Перейдем теперь от неопубликованных рассказов к опубликованным, которых тоже довольно много, хотя иные странно переделаны. (Согласно «устной традиции», если источником послужила именно она, папа встретил первую еврейскую делегацию приветствием «Я ваш брат Иосиф» – этими словами Иосиф в Египте открылся своим братьям. В одной из его биографий утверждается, что слова эти были сказаны, когда он впервые после своего избрания принимал кардиналов. Боюсь, вторая версия более правдоподобна; но если первая история действительно величественна, то вторая всего лишь мила.) Во всех рассказах проявляется его независимость, в основе которой – полная отрешенность от мира сего, великолепная свобода от предрассудков и условностей, очень часто приводящая к почти вольтеровскому остроумию, к поразительно ловкому выворачиванию ситуации наизнанку. Так, когда он возражал против закрытия ватиканских садов на время его ежедневных прогулок и услышал в ответ, что в его положении нельзя попадаться на глаза обычным смертным, он спросил: «Почему же на меня нельзя смотреть? Разве я веду себя неприлично?» Это же остроумное присутствие духа, которое французы называют
В молодости он любил поговорить, порассуждать, сидя на кухне, и упрекал себя в «прирожденной склонности изрекать приговоры, точно Соломон», поучать «всех и каждого… как поступить в таких-то обстоятельствах, вмешиваться в споры о газетах, епископах, о злобе дня» и «бросаться в бой на защиту всего, что подвергалось несправедливым, на мой взгляд, нападкам и нуждалось в защите». Удалось ли ему обуздать эти свои склонности или нет, он, безусловно, их не утратил, и они ярко проявились, когда – после долгих трудов «уничижения» и «смирения» (которые он считал крайне необходимыми для освящения души) – он вдруг занял то единственное положение в католической иерархии, когда сообщить «волю Божью» ему уже не могло ни одно вышестоящее лицо. Он знал (пишет он в «Дневнике»), что «принял свое служение в чистом послушании воле Господа, сообщенной мне в голосе коллегии кардиналов»; то есть он всегда думал, что не кардиналы, а «Господь избрал» его, – убеждение, которое, вероятно, очень укрепилось, когда он узнал, что был избран по совершенной случайности. Таким образом, именно в сознании, что произошло, говоря человечески, своего рода недоразумение, он и мог написать, не повторяя какую-то доктринальную банальность, а говоря конкретно о себе: «Викарий Христа знает, чего от него хочет Христос». Издатель «Дневника», бывший секретарь папы Иоанна монсиньор Лорис Каповилла, в предисловии упоминает о том, что, наверное, очень многих раздражало, а большинство ставило в тупик, – о «его привычном смирении перед Богом и ясном, ошеломляюще ясном, сознании собственной ценности перед людьми». Но, абсолютно уверенный в себе, ни у кого не спрашивая советов, он все же не впал в заблуждение и не притязал на знание будущего или окончательных следствий того, что пытался сделать. Он всегда довольствовался жизнью «со дня на день», даже «с часа на час», подобно полевым лилиям, и в новом своем положении сформулировал для себя «главное правило поведения» – «не заботиться о будущем», не «строить о нем человеческих догадок и приготовлений» и «ни с кем не говорить о нем с легковесной уверенностью». Вера, а не теория, богословская или политическая, уберегла его от «какого бы то ни было потворства злу в надежде, что этим [он сможет] кому-нибудь принести пользу».

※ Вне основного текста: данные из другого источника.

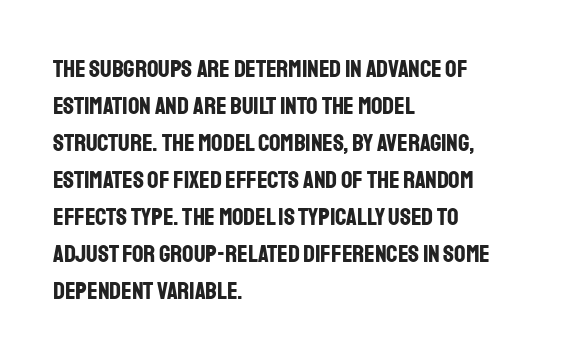
{"italic": "no", "bold": "yes", "underline": "no", "align": "left", "line_spacing": "normal", "line_spacing_ratio": 1.48, "letter_spacing": "normal", "letter_spacing_em": 0.0, "glyph_px": 25}
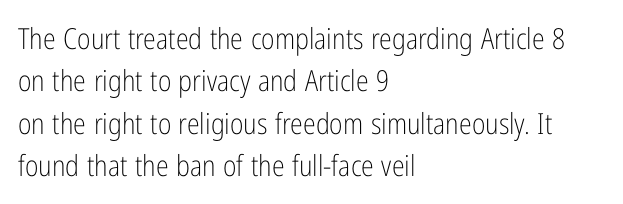
The image shows 29 px light, condensed sans-serif type, upright; set left-aligned, normal line spacing (1.46x), normal letter spacing, not underlined; low stroke contrast and a medium x-height.
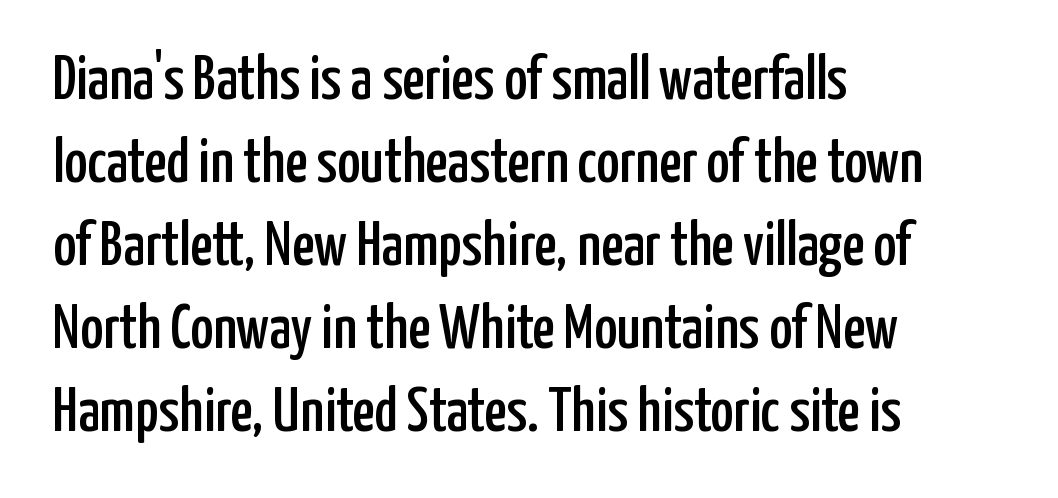
{"serif": "no", "italic": "no", "width": "condensed", "stroke_contrast": "low", "x_height": "medium", "monospaced": "no", "underline": "no", "align": "left", "line_spacing": "normal", "line_spacing_ratio": 1.34, "letter_spacing": "normal", "letter_spacing_em": 0.0, "glyph_px": 62}
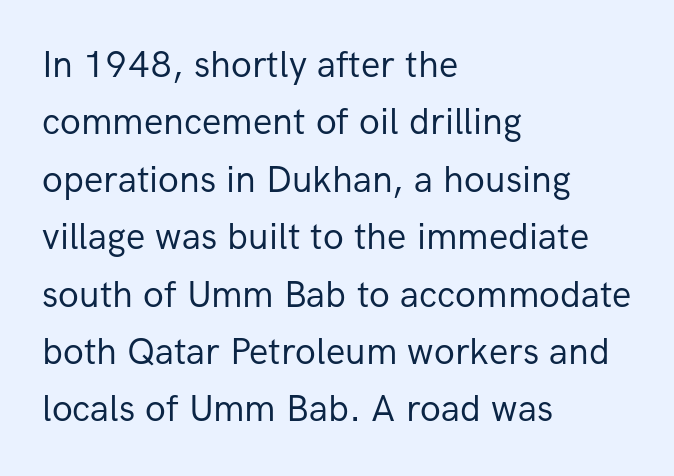
Any mark beneath the type? The region is blank. The face used here is a sans, in the tradition of grotesques and geometrics. These lines are rendered in a variable-pitch font. Line spacing here is normal. A classic flush-left, rag-right setting is used for this passage. These lines were composed using upright roman letters.
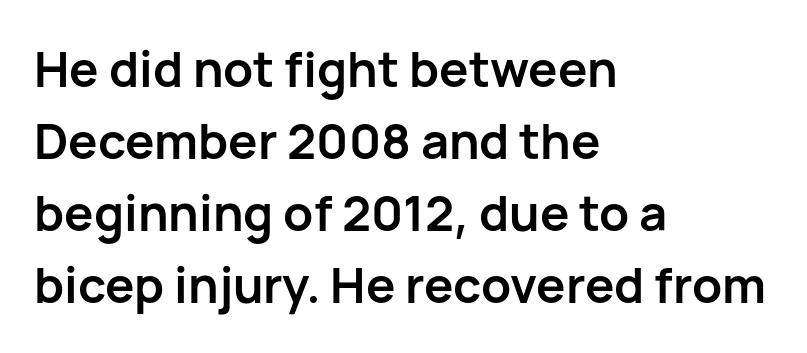
Each letter's strokes conclude bluntly, with no projecting serifs. Quick note: interline space is typical. Look at the tracking — it's just the regular setting, nothing added. These lines carry a lot of weight — the face is fully bold. This sample is left-justified, so line endings fall wherever the words run out. It's the straight-up-and-down kind of type.
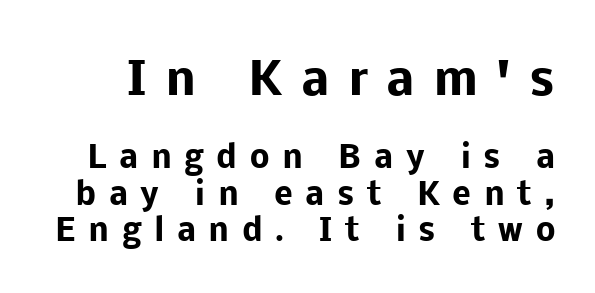
Q: Is the text bold? A: Yes.
Q: Is the text italic (slanted)? A: No, it is upright.
Q: Is the typeface a serif or a sans-serif typeface? A: Sans-serif.
Q: Is the text underlined? A: No.
Q: Is the spacing between letters normal or unusually wide? A: Unusually wide.
Q: Which block of text is set in a larger size, the first (top) or the second (bottom)? A: The first (top) one.
Q: Width (condensed, normal, or wide)? A: Normal.
Q: Stroke contrast? A: Low.
Q: x-height? A: Medium.
Q: Monospaced? A: No.
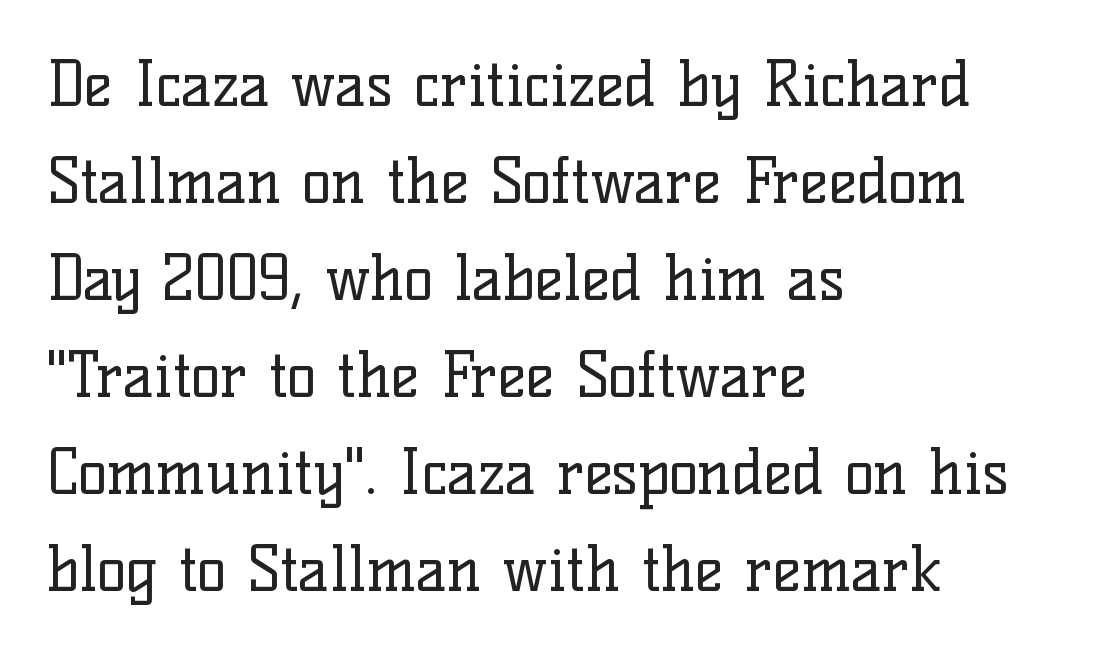
Q: Is the text bold? A: No.
Q: Is the text italic (slanted)? A: No, it is upright.
Q: Is the typeface a serif or a sans-serif typeface? A: Serif.
Q: Is the text underlined? A: No.
Q: How is the paragraph aligned? A: Left-aligned.
Q: Is the spacing between letters normal or unusually wide? A: Normal.
Q: Is the spacing between lines tight, normal or loose? A: Normal.
Q: Width (condensed, normal, or wide)? A: Normal.
Q: Stroke contrast? A: Low.
Q: x-height? A: Medium.
Q: Monospaced? A: No.

Эта полная свобода от забот и хлопот была его вариантом смирения; свободу ему давало то, что он мог – без всяких оговорок, умственных или эмоциональных, – сказать: «Да будет воля Твоя». В «Дневнике» под многими слоями благочестивого языка, ставшего для нас – но не для него – банальным, трудно различить ту простую основную тональность, на которую была настроена его жизнь. Еще меньше мы ждали бы встретить здесь то веселое остроумие, которое возникало именно как вариация основной мелодии. Но разве не смирение он проповедовал, когда рассказывал своим друзьям, что новая страшная ответственность понтификата сперва его сильно тревожила и даже не давала уснуть – пока однажды утром он не сказал себе: «Джованни, не относись к себе так серьезно!» – и с тех пор спал спокойно.